Additionally, he said, the ads put the burden on the individual to “resist” and to make good choices, when in reality addiction often emerges in the context of social, psychological, and economic forces outside a person’s control.
Keith Humphreys, a Stanford University psychiatry professor who advised former presidents George W. Bush and Barack Obama on drug policy, reviewed Lelling’s ads and said that those providing life-saving information, such as facts about counterfeit pills, were valuable. But, he said, “Overall they were in kind of that old scare mode and stigmatizing mode that I don’t think is going to be helpful.”
Scare tactics can be counterproductive, he said. “The kind of kid who’s a rule follower, they don’t need that ad. That’s not who you’re trying to reach,” he said. But rebellious youngsters the ad targets are unlikely to be deterred by a story about the dangers of drug use.
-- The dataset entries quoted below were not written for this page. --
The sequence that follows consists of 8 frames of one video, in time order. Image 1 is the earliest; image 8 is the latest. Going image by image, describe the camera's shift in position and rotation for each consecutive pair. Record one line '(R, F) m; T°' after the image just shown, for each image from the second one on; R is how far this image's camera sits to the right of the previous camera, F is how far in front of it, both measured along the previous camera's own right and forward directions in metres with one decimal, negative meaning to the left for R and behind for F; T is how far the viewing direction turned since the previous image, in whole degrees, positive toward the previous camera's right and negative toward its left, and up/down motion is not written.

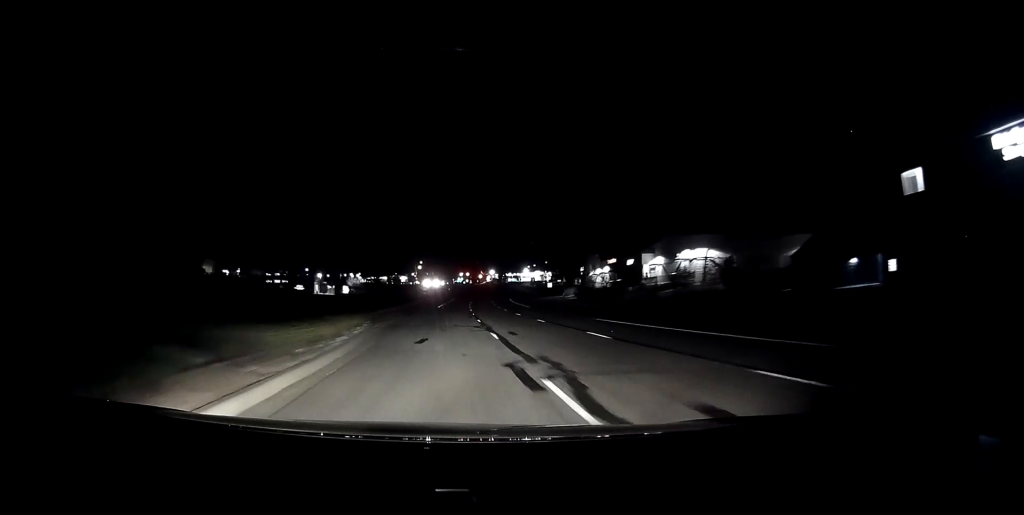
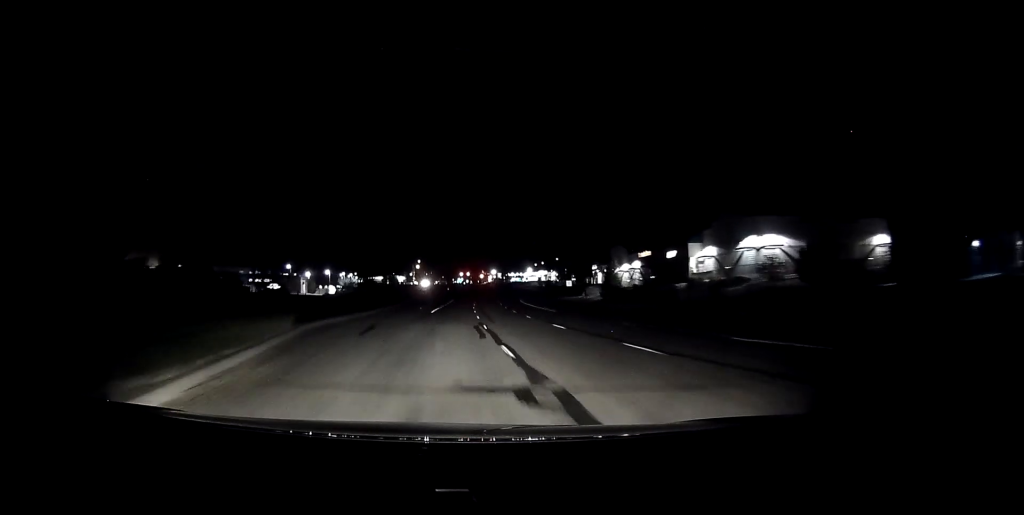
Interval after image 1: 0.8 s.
(+0.1, +17.4) m; +1°
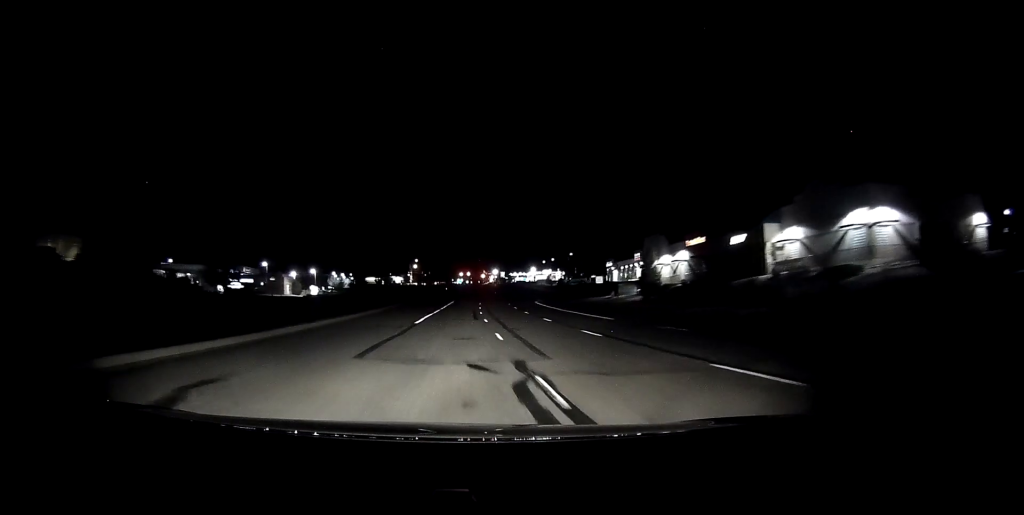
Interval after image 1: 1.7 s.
(+0.1, +18.1) m; +1°
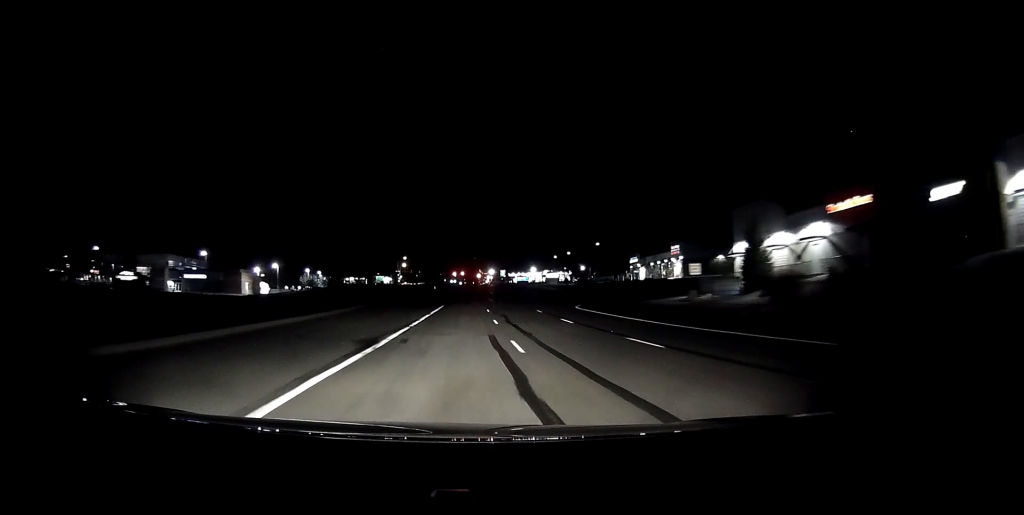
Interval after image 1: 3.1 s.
(+0.2, +28.3) m; +1°
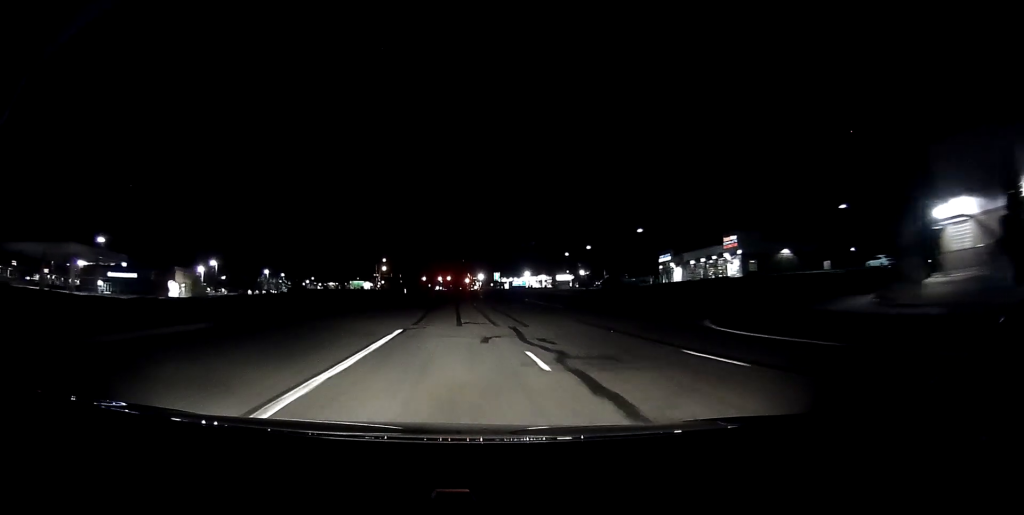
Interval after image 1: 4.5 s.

They might, instead, be intrigued and find it glamorous, Humphreys said.
Told of these critiques, Lelling said in a statement that he is investing resources in public education, “so people make better, more informed choices — an approach that has worked, time and again, over the last 30 years, from drunk driving to HIV to the dangers of cigarette smoking.” Meanwhile, the US attorney’s website still displays the controversial ads from 2017, which were likened to the failed “Just Say No” campaign of the 1980s. Weinreb said at the time that the ads were educational, directed at people who were not already addicted.